John Whelan: A Resilient Shanty

The shanty just south of Lighthouse Beach. JENNIFER STELLO PHOTO

“It’s only a shanty

In old shanty town

The roof is so slanty it touches the ground

That tumbled down shack by an old railroad track

Like a millionaire’s mansion it’s calling me back.”

 

Ted Lewis and his band performed the song in 1932 in the movie “The Crooner.” It was a huge hit and became the number one song in the country and stayed there for 10 weeks. Many artists have recorded this great song through the years. My favorite version is by the legendary Ink Spots with Essex Scott singing the lead. For those of you who are interested, the Ink Spots rendition can be found on YouTube.

Well, there is no “old railroad track” but there certainly is a wonderful shanty on the beach south of the Chatham Lighthouse. We have had a winter of incredible storms with huge winds and snow and rain. Trees have fallen and electric service has been lost all over town multiple times. Flooding is becoming all too regular an occurrence. The shanty is completely exposed to the elements and, one would think, it was battered in the storms. Survival was definitely in question. As you can well see in the fantastic Jen Stello photograph below, the shanty survived quite nicely. The photo with the Atlantic so close in the background gives the shanty an almost mystical presence.

The shanty was built by many with materials found on the beach. With each visit, one notices something that went unnoticed before. And yet, the style and the grace of the shanty is comforting. I find the survival of the shanty both amazing and inspiring.

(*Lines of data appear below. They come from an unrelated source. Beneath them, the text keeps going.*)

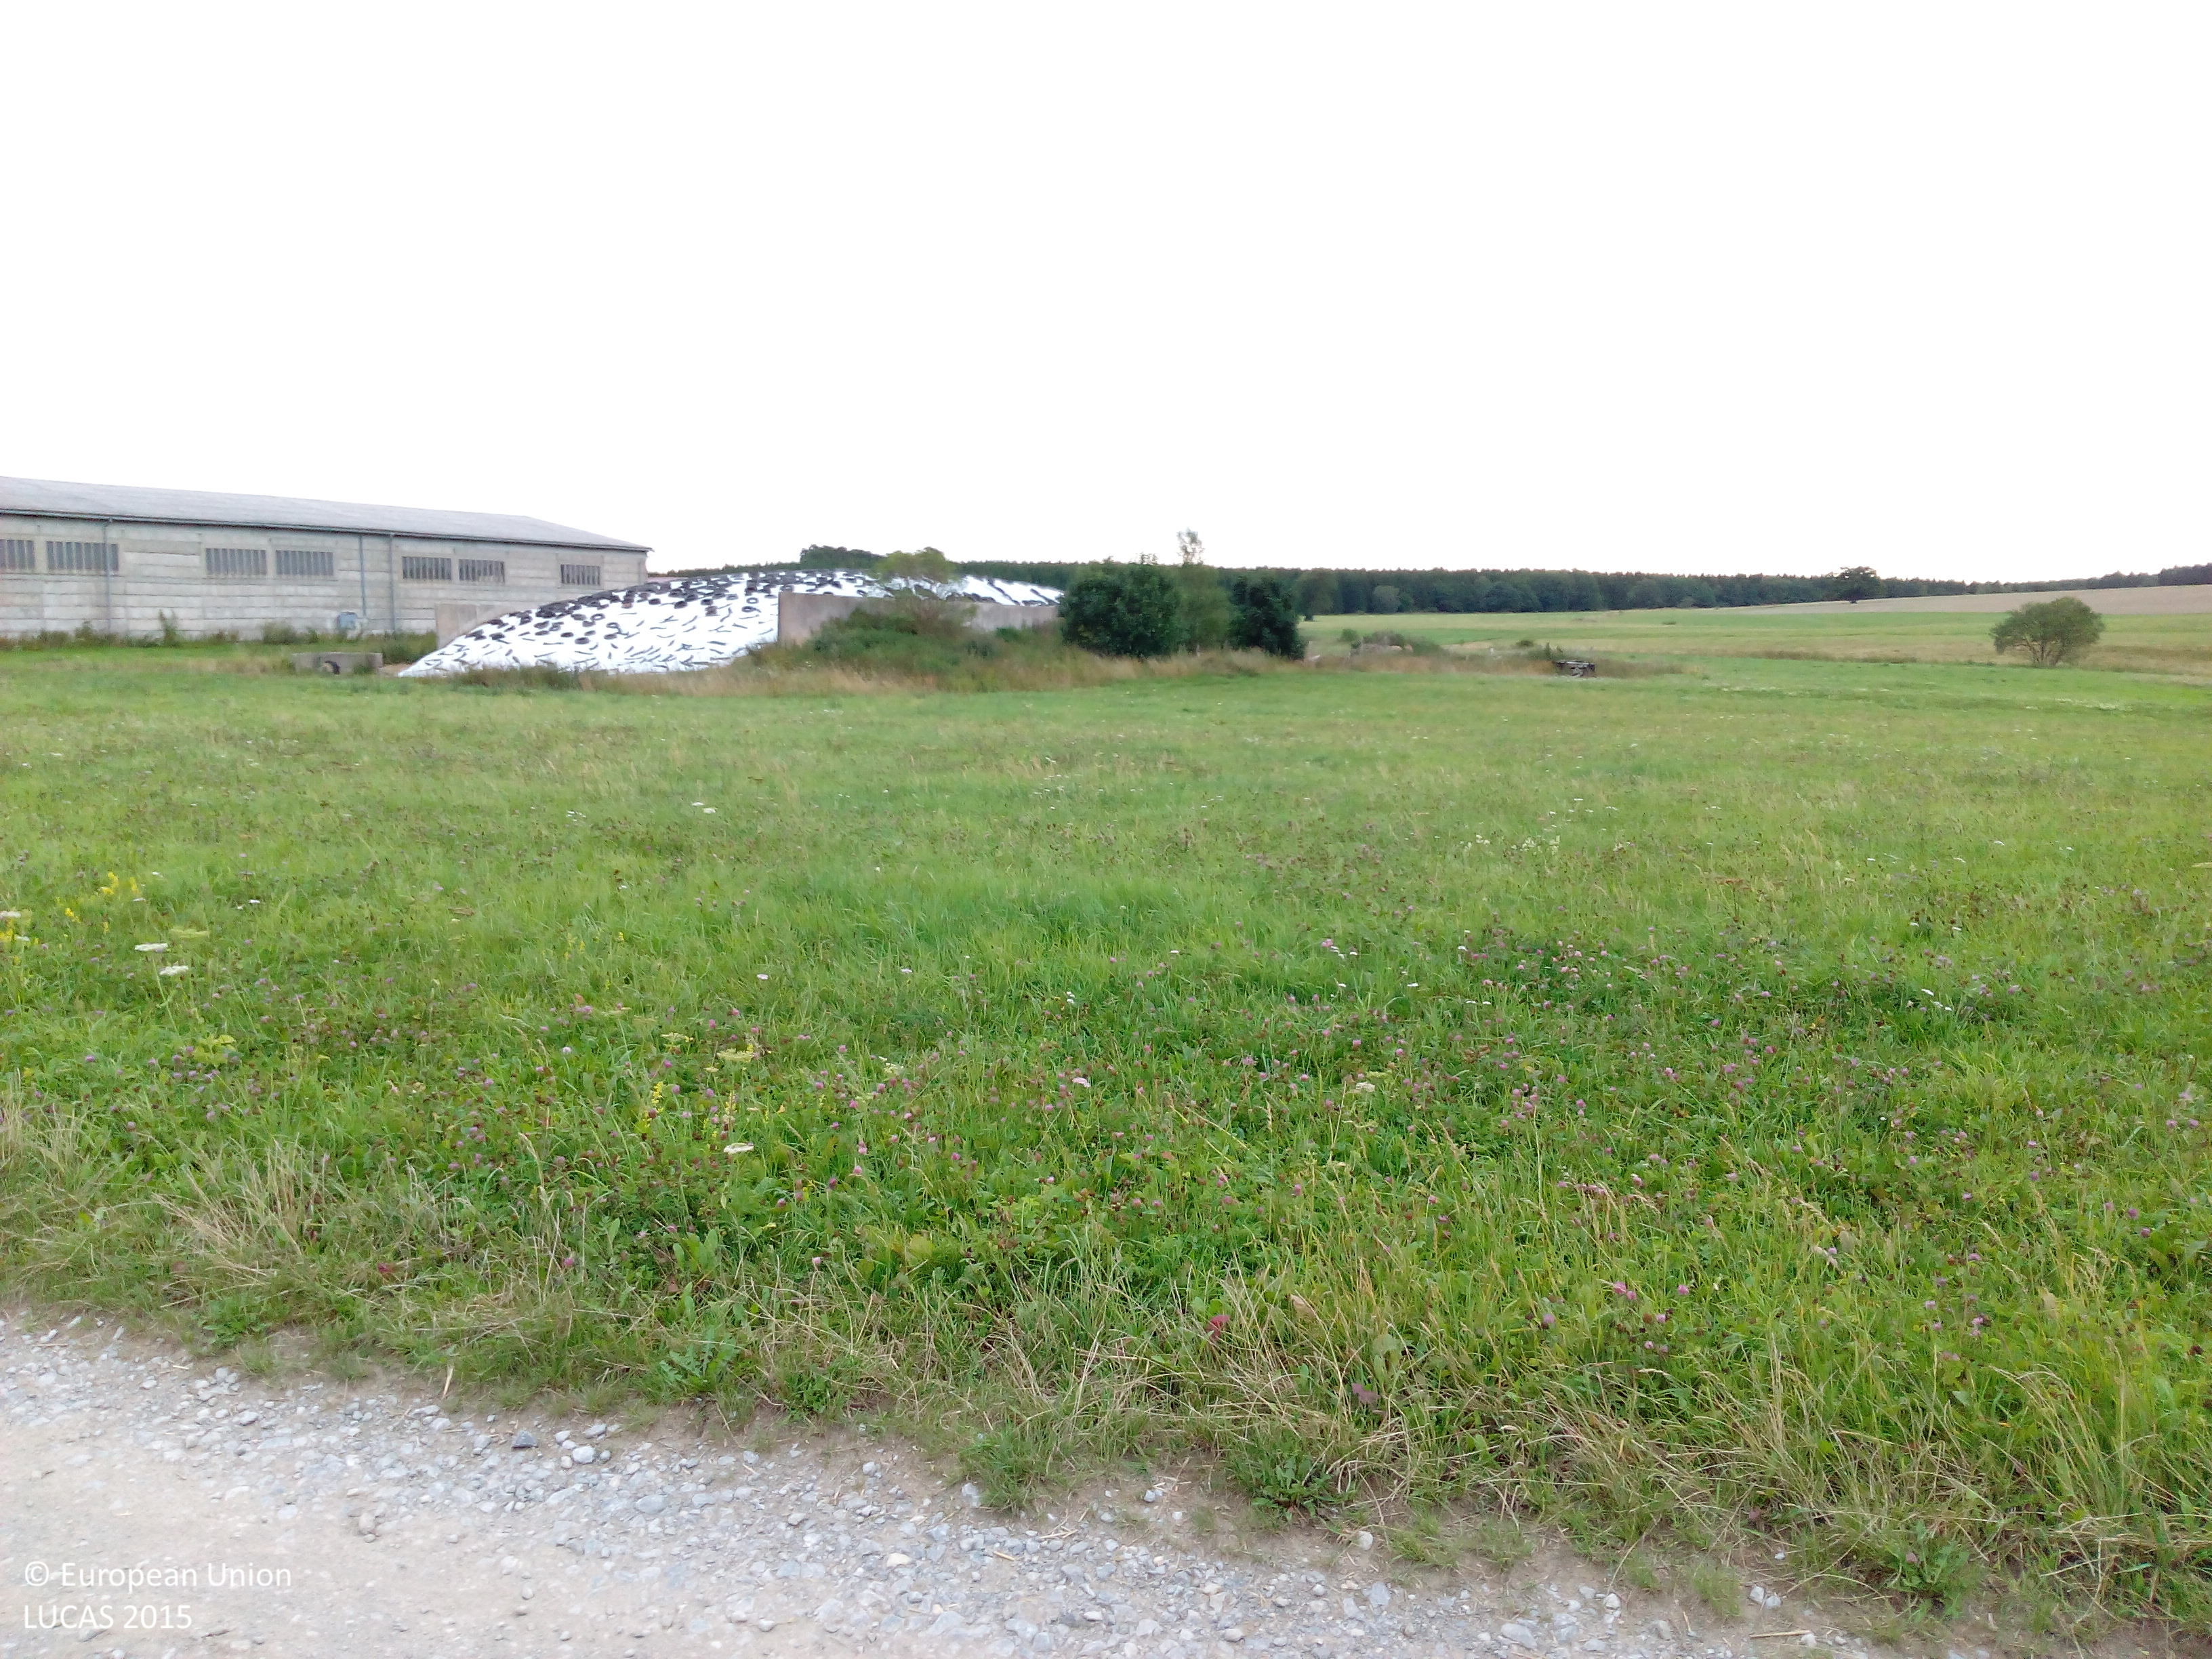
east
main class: Woodland
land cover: Other mixed woodland
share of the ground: 50 - 75 %
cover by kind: coniferous forest trees 40 %, herbaceous plants 30 %, broadleaved forest trees 25 %, shrubs 5 %
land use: Forestry
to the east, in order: Other mixed woodland; Grassland with sparse tree/shrub cover; Tracks; Fences; Grassland without tree/shrub cover; Artificial constructions in urban areas
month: August
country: DE
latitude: 51.6724
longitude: 10.9686

I have started to think of the shanty as representative of the town of Chatham. I can remember years ago when I was serving in the Army at Fort Sill, Okla. and talking with a fellow soldier named Sam Crowell about living in Chatham. He was from rural Kansas and we got out a map of the United States to compare where we each lived. His small home town was barely on the map at all and was actually quite close to the geographic center of the country. I remember my amazement when he said they had a small oil rig cranking 24 hours a day. It was right in his backyard. Not a big money maker, but one that provided enough rental income to keep food on the Crowell family table. When we got around to where I lived, it was my buddy’s turn to be surprised. I pointed out Chatham with its elbow sticking straight out into the Atlantic Ocean. I said the next stop east was Portugal. He was pretty sure I was kidding, until I showed him a globe that was in our unit’s dayroom. Then he asked if it was frightening to live there with storms from the ocean and the possibility of a tidal wave. I said I had never considered a tidal wave. I don’t ever remember talking even once with a Chatham resident about a tidal wave. Maybe some readers now have considered the possibility, but it has never entered my mind.

But I did admit that the nor’easters were a challenge and that significant damage from a hurricane was always a threat. Sam commented that living in Chatham took a special breed of courageous people. Of course, since I never felt that way and being young, I dismissed his comment completely.

We stayed in touch and Sam visited me in Chatham in 1989 just after the break on North Beach. The Galanti house had just surrendered to the Atlantic and the Rolfe house was on its last legs. The Wilson house was up on blocks and moved away from the water. The original nine shore-front homeowners were fighting with the conservation commission for the right to protect their homes. Sam reminded me of his question back at Fort Sill 30-plus years earlier about whether or not it was frightening to live so close to the ocean in Chatham. I said, in retrospect, I had to admit it was.

The fight of the homeowners ended in a pyrrhic victory. In time, the homeowners who lived on a coastal bank were allowed to build a revetment to protect their homes. Those who lived on a coastal dune could not get a permit for a revetment. Overall, nine homes were lost in addition to half of a 10th house. My house and the two to the north built revetments and stand today. The delay and the expense was so great that two houses with a clear path to a permit were simply given up. It is quite a story and all so long ago, but a good description of the entire saga can be found in “Breakthrough” by Chronicle editor Tim Wood.

But let’s get back to the shanty and Chatham. Storms have battered Chatham’s eastern shore and erosion has diminished its beaches facing Nantucket Sound. Sea level rise is real and it is fast becoming a threat to many of Chatham’s roads and low-lying houses. A lesser people would have packed up and moved to Kansas, but Chatham is full of folks willing to battle on.

I invited Sam back about four years ago, but he had developed health issues and now has died. I was planning to show him how resilient the people of Chatham have been in dealing with Mother Nature. I do think it is resiliency that pulled us through. Today, my symbol of true resiliency is that that “little old shanty.” It may not survive a great deal longer. I encourage you to walk down and take a look while you can.